Prototyping with Natural Language
How vibe coding finally makes design tools learn our language instead of the other way around.
Published
Jul 23, 2025
The Translation Layer
Design tools have always forced users to translate their ideas into the tool's vocabulary. Starting with HyperCard in 1987, which was revolutionary for letting anyone create interactive experiences, users still had to understand stacks, cards, and scripts.
Despite decades of advancement, the problem has persisted: users must adapt to the tool instead of the tool adapting to them. Each new generation just created its own vocabulary. InVision introduced hotspots and transitions. Axure brought dynamic panels and conditional logic. Principle added timeline-based animations. Framer Classic required CoffeeScript programming.
Each tool created its own version of what we can call the translation layer—the gap between how you think about an interaction and how you have to construct it in the tool.

Create UX prototypes with unlimited combinations of event triggers, conditions, and actions to truly explore digital experiences.
Source: axure.com
For most prototyping tools, this meant a steep learning curve and time investment that prevented wide adoption. Designers stuck with InVision's simple paradigm—now built into tools like Figma and Sketch—because adopting a new approach meant disrupting established workflows and learning how to speak its language.
Getting Lost in Translation
The translation problem becomes clearer when you see how the same design idea gets forced into different tool vocabularies.
Consider a common interaction: a card that expands to show more details.
The Design Intent: A card that expands to show more details when tapped, with other cards gently moving out of the way.
InVision Translation: Create two screens, "card collapsed" and "card expanded." Draw a hotspot area over the card and link it to the expanded screen. The smooth expansion becomes an abrupt screen replacement between static layouts.
Figma Translation: Create a "Card" component with two variants, "collapsed" and "expanded." Design both states within the component, set up auto layout stacks to handle repositioning, then add an "On click" interaction to change from one variant to the other with smart animate easing of 300ms. The fluid expansion becomes component state management and timing configurations.
Axure Translation: Set up dynamic panels for each card state. Create conditional logic "If Card A is expanded, hide panels B and C, show panel A-expanded." Define show/hide actions with movement animations. The fluid interaction becomes a series of if/then statements and visibility toggles.
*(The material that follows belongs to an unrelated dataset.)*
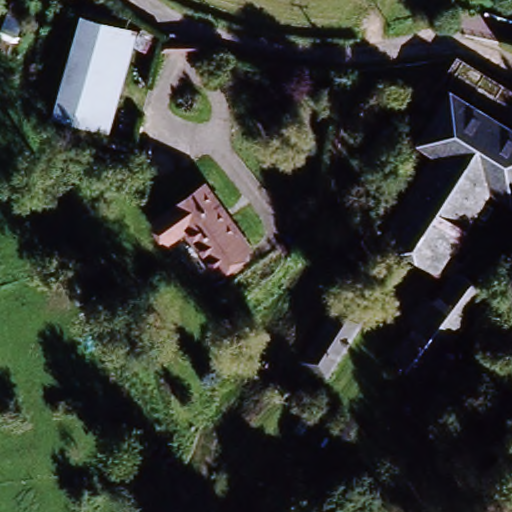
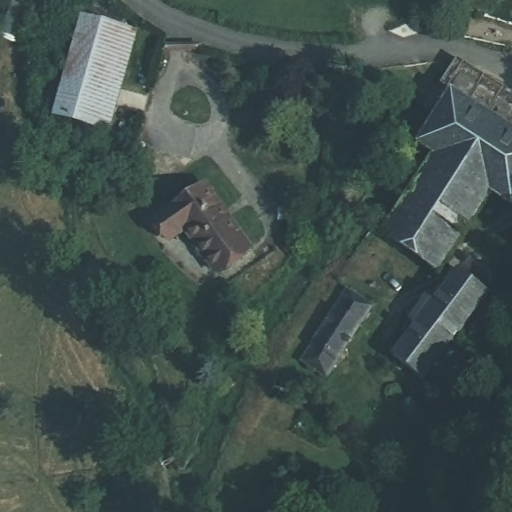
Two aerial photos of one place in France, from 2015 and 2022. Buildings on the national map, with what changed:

Principle Translation: Design your collapsed state on the first artboard, expanded state on the second. Create timeline animations between keyframes. Animate each card's position and size properties over time. The responsive, physics-based movement becomes manually keyframed motion graphics.
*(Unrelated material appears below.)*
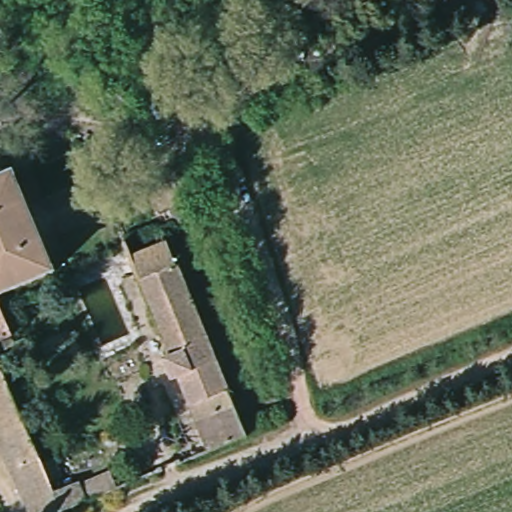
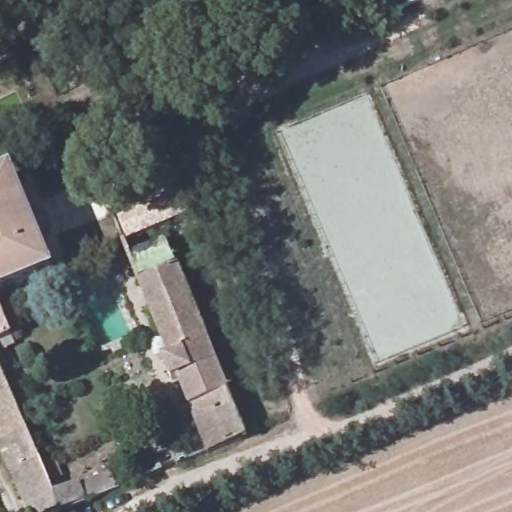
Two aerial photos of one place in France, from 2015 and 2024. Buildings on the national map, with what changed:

Framer Classic Translation: Write CoffeeScript code to define each card as an object, then program click handlers and animation properties. Set up coordinate-based animations for each card's position and size changes over time. The spatial relationships become coordinate math and property animations.
The Cost of Translation: Each tool forces designers to translate their intent into the tool's vocabulary: state management, timeline animation, conditional logic, or coordinate programming. This creates unnecessary friction between idea and execution. It also limits creative discovery—the kind that happens when you can quickly test and refine ideas without technical barriers.
Learning Our Language
The translation layer problem has persisted for decades because, despite each tool's innovations, we've been approaching it backwards. Instead of making tools more intuitive, we've made them more sophisticated—requiring designers to master increasingly complex paradigms.
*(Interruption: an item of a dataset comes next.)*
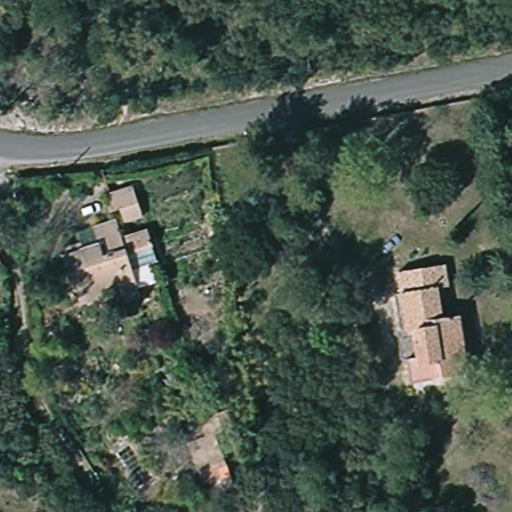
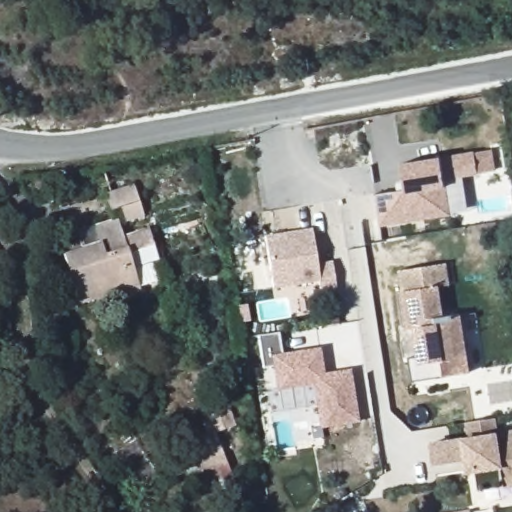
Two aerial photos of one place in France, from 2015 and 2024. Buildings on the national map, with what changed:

But what if we flipped this entirely? What if instead of learning the tool's language, the tool learned ours?
That's exactly what vibe coding does—using natural language prompts to generate interactive code, describing your intent rather than learning the tool's vocabulary.
Let's see how this works with our card expansion example:
The Design Intent: A card that expands to show more details when tapped, with other cards gently moving out of the way.
With Vibe Coding: Using tools like Figma Make, you just describe the interaction in natural language: "When I tap a card, it should expand to show more details, and the other cards should gently move out of the way to make room." The AI understands the spatial relationships and responsive behavior you're describing and generates the appropriate code—whether that's CSS animations, React state management, or physics-based transitions—without you needing to think in those paradigms.

Introducing Figma Make: A new way to test, edit, and prompt designs
Source: figma.com/blog/introducing-figma-make
Reality Check
Are we simply replacing one translation layer with another?
There's truth to this concern, but there's a crucial difference in where the translation happens. When designers envision interactions, they naturally think in spatial and temporal terms—exactly the language vibe coding systems are learning to understand. Instead of forcing designers to adapt to tools, tools are finally adapting to designers.
The Path Forward
Figma Make represents a genuine step toward tools that learn our language, but it's not perfect. While you get immediate feedback, effectively communicating your design intent can still require several attempts as the AI interprets your meaning.
But these feel like implementation challenges rather than fundamental flaws. The direction feels right—designers should describe what they want rather than learn how to construct it.
For now, Make offers something previous tools couldn't: a way to prototype that starts with your thinking, not with the tool's constraints. That alone makes it worth exploring, even as these tools continue to learn our language.